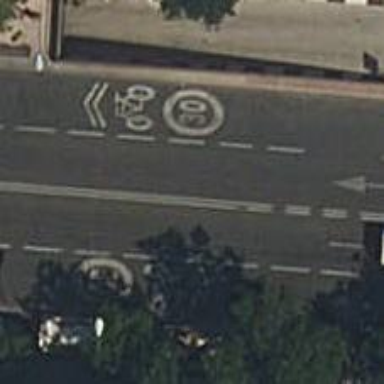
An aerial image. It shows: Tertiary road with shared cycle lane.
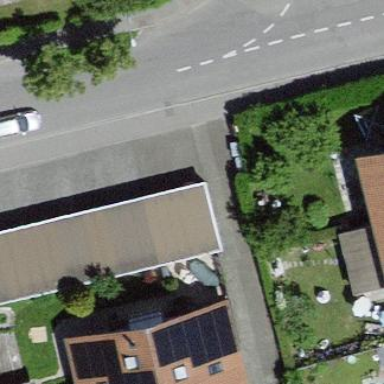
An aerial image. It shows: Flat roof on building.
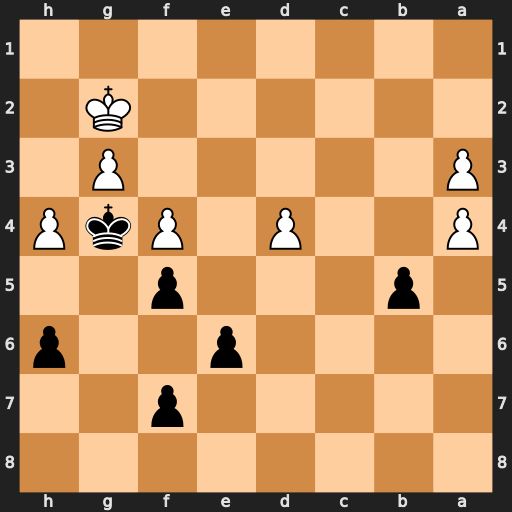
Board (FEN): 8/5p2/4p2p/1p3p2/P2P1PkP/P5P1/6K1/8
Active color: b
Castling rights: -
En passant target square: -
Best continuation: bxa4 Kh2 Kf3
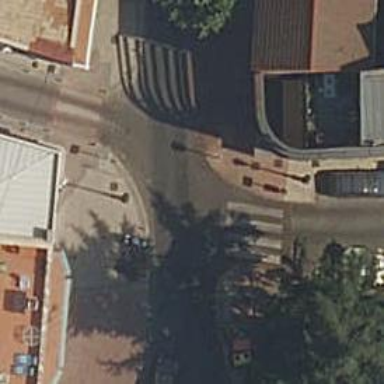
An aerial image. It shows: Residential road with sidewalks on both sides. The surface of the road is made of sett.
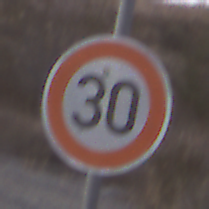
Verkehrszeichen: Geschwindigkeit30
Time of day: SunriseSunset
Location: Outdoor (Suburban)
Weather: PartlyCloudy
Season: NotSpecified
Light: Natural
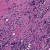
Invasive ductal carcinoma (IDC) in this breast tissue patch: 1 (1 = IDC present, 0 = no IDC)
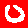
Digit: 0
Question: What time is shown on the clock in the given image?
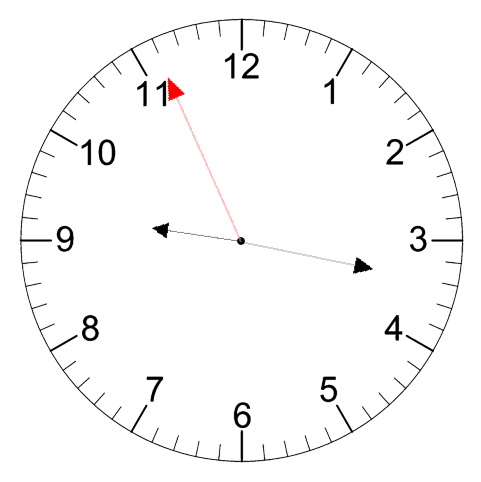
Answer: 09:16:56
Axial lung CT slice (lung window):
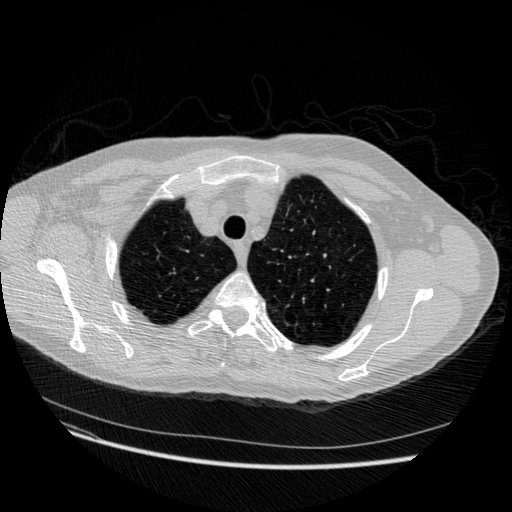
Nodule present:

= = = =

#### INSTRUCTIONS FOR THE TASK:
Your copy of the entries must be exact and must contain no pictures.

#### RESULT:
An aerial image. It shows: Tertiary road with shared cycle lane.
An aerial image. It shows: Flat roof on building.
Board (FEN): 8/5p2/4p2p/1p3p2/P2P1PkP/P5P1/6K1/8
Active color: b
Castling rights: -
En passant target square: -
Best continuation: bxa4 Kh2 Kf3
An aerial image. It shows: Residential road with sidewalks on both sides. The surface of the road is made of sett.
Verkehrszeichen: Geschwindigkeit30
Time of day: SunriseSunset
Location: Outdoor (Suburban)
Weather: PartlyCloudy
Season: NotSpecified
Light: Natural
Invasive ductal carcinoma (IDC) in this breast tissue patch: 1 (1 = IDC present, 0 = no IDC)
Digit: 0
Question: What time is shown on the clock in the given image?
Answer: 09:16:56
Axial lung CT slice (lung window):
Nodule present:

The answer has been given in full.